Content starts

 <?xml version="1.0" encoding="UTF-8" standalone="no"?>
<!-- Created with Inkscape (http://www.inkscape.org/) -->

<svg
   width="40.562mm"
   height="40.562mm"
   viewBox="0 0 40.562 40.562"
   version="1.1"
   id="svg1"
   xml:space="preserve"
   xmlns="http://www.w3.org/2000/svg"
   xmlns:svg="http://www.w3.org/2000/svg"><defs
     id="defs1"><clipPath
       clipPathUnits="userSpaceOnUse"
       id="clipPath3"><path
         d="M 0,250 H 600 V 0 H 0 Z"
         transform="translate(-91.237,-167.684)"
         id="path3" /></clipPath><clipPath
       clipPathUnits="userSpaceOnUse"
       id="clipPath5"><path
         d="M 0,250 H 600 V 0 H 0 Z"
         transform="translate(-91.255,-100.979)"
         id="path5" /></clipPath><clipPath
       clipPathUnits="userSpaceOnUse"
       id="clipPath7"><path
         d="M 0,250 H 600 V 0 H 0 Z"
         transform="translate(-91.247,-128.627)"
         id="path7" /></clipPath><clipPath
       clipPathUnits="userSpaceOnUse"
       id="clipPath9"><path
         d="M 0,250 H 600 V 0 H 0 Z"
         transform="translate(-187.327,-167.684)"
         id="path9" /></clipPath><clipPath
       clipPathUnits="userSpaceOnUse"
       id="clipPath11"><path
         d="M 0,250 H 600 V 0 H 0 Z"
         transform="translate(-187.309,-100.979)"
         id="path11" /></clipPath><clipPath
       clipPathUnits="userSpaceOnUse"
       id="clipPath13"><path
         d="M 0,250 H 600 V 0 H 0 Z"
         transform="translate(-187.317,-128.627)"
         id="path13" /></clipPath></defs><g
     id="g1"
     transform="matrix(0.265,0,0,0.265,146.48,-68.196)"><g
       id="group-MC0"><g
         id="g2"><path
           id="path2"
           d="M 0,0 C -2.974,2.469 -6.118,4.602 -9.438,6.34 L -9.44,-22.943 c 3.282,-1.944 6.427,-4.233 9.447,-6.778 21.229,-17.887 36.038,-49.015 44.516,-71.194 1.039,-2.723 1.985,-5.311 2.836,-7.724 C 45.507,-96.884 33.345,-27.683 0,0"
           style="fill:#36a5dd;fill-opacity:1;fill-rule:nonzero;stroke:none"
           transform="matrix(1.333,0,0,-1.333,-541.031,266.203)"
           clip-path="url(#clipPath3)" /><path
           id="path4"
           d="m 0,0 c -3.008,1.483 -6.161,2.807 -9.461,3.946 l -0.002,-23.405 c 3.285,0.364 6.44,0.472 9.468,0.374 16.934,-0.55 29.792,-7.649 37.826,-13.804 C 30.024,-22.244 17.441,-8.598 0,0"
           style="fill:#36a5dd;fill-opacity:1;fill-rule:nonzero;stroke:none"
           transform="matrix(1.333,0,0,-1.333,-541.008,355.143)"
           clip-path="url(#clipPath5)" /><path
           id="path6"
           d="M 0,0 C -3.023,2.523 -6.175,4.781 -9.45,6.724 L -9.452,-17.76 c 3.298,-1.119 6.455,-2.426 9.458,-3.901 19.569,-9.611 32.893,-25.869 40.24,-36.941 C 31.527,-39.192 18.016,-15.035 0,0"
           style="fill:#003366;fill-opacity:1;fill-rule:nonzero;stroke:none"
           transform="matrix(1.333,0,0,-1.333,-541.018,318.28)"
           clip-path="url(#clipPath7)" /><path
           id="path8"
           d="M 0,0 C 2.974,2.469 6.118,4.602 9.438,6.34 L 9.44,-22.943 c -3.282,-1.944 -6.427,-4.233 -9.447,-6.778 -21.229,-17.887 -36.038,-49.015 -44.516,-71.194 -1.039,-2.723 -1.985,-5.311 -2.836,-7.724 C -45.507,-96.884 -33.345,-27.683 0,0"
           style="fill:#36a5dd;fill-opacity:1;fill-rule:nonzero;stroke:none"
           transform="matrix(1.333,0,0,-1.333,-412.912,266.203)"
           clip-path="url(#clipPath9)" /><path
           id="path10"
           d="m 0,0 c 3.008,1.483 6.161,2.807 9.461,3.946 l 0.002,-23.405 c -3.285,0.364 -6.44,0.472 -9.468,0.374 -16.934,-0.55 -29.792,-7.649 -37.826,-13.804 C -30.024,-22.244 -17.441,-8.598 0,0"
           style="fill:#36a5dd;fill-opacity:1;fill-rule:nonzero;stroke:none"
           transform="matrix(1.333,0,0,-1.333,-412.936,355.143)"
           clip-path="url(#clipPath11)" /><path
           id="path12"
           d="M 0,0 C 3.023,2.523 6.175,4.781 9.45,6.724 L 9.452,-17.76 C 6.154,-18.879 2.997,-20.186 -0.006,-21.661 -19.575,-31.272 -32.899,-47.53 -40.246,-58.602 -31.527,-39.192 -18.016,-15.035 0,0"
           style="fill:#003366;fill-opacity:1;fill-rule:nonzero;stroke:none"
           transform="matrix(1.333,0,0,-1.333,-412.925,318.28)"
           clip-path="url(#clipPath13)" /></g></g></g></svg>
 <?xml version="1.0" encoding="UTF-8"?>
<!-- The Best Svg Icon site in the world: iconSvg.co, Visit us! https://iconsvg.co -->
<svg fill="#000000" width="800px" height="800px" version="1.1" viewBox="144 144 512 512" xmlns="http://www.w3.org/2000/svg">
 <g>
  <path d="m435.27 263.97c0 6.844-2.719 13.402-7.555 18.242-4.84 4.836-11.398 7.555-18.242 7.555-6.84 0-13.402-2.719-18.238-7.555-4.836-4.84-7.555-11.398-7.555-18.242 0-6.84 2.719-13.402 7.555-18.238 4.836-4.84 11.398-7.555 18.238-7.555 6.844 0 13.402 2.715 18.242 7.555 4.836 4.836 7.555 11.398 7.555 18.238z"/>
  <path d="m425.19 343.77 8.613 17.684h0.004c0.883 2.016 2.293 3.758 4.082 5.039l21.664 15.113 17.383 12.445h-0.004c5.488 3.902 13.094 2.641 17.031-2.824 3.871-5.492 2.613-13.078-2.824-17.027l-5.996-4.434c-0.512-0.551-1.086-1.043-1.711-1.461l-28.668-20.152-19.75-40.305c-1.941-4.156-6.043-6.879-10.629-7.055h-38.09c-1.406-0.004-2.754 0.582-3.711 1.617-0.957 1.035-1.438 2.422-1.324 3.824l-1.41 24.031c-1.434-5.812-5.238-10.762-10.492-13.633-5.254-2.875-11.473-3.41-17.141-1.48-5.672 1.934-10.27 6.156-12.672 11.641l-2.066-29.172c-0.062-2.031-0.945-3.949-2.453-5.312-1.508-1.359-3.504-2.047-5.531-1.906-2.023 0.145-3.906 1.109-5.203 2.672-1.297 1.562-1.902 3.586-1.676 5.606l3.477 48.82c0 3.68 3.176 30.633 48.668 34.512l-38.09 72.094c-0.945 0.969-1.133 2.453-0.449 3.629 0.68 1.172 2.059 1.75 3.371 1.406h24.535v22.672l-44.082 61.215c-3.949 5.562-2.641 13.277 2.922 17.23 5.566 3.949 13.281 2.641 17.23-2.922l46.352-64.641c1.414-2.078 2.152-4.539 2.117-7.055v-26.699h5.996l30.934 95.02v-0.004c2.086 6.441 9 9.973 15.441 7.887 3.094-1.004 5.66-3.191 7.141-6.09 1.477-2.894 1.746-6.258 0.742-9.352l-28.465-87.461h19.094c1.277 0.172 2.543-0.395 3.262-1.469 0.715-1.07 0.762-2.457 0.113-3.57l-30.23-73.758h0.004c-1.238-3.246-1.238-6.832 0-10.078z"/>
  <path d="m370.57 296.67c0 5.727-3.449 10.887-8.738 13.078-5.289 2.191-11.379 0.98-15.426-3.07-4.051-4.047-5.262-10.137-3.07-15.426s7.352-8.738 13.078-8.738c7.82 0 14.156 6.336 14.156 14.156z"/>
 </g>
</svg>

Content ends

_What this task involves:_ When the line with "0,0 C 2.974,2.469" is reached in the data above, start copying there, and copy each line exactly until the line with "263.97c0 6.844-2.719 13.402-7.555" has been copied; copy nothing else.

_Task output:_
           d="M 0,0 C 2.974,2.469 6.118,4.602 9.438,6.34 L 9.44,-22.943 c -3.282,-1.944 -6.427,-4.233 -9.447,-6.778 -21.229,-17.887 -36.038,-49.015 -44.516,-71.194 -1.039,-2.723 -1.985,-5.311 -2.836,-7.724 C -45.507,-96.884 -33.345,-27.683 0,0"
           style="fill:#36a5dd;fill-opacity:1;fill-rule:nonzero;stroke:none"
           transform="matrix(1.333,0,0,-1.333,-412.912,266.203)"
           clip-path="url(#clipPath9)" /><path
           id="path10"
           d="m 0,0 c 3.008,1.483 6.161,2.807 9.461,3.946 l 0.002,-23.405 c -3.285,0.364 -6.44,0.472 -9.468,0.374 -16.934,-0.55 -29.792,-7.649 -37.826,-13.804 C -30.024,-22.244 -17.441,-8.598 0,0"
           style="fill:#36a5dd;fill-opacity:1;fill-rule:nonzero;stroke:none"
           transform="matrix(1.333,0,0,-1.333,-412.936,355.143)"
           clip-path="url(#clipPath11)" /><path
           id="path12"
           d="M 0,0 C 3.023,2.523 6.175,4.781 9.45,6.724 L 9.452,-17.76 C 6.154,-18.879 2.997,-20.186 -0.006,-21.661 -19.575,-31.272 -32.899,-47.53 -40.246,-58.602 -31.527,-39.192 -18.016,-15.035 0,0"
           style="fill:#003366;fill-opacity:1;fill-rule:nonzero;stroke:none"
           transform="matrix(1.333,0,0,-1.333,-412.925,318.28)"
           clip-path="url(#clipPath13)" /></g></g></g></svg>
 <?xml version="1.0" encoding="UTF-8"?>
<!-- The Best Svg Icon site in the world: iconSvg.co, Visit us! https://iconsvg.co -->
<svg fill="#000000" width="800px" height="800px" version="1.1" viewBox="144 144 512 512" xmlns="http://www.w3.org/2000/svg">
 <g>
  <path d="m435.27 263.97c0 6.844-2.719 13.402-7.555 18.242-4.84 4.836-11.398 7.555-18.242 7.555-6.84 0-13.402-2.719-18.238-7.555-4.836-4.84-7.555-11.398-7.555-18.242 0-6.84 2.719-13.402 7.555-18.238 4.836-4.84 11.398-7.555 18.238-7.555 6.844 0 13.402 2.715 18.242 7.555 4.836 4.836 7.555 11.398 7.555 18.238z"/>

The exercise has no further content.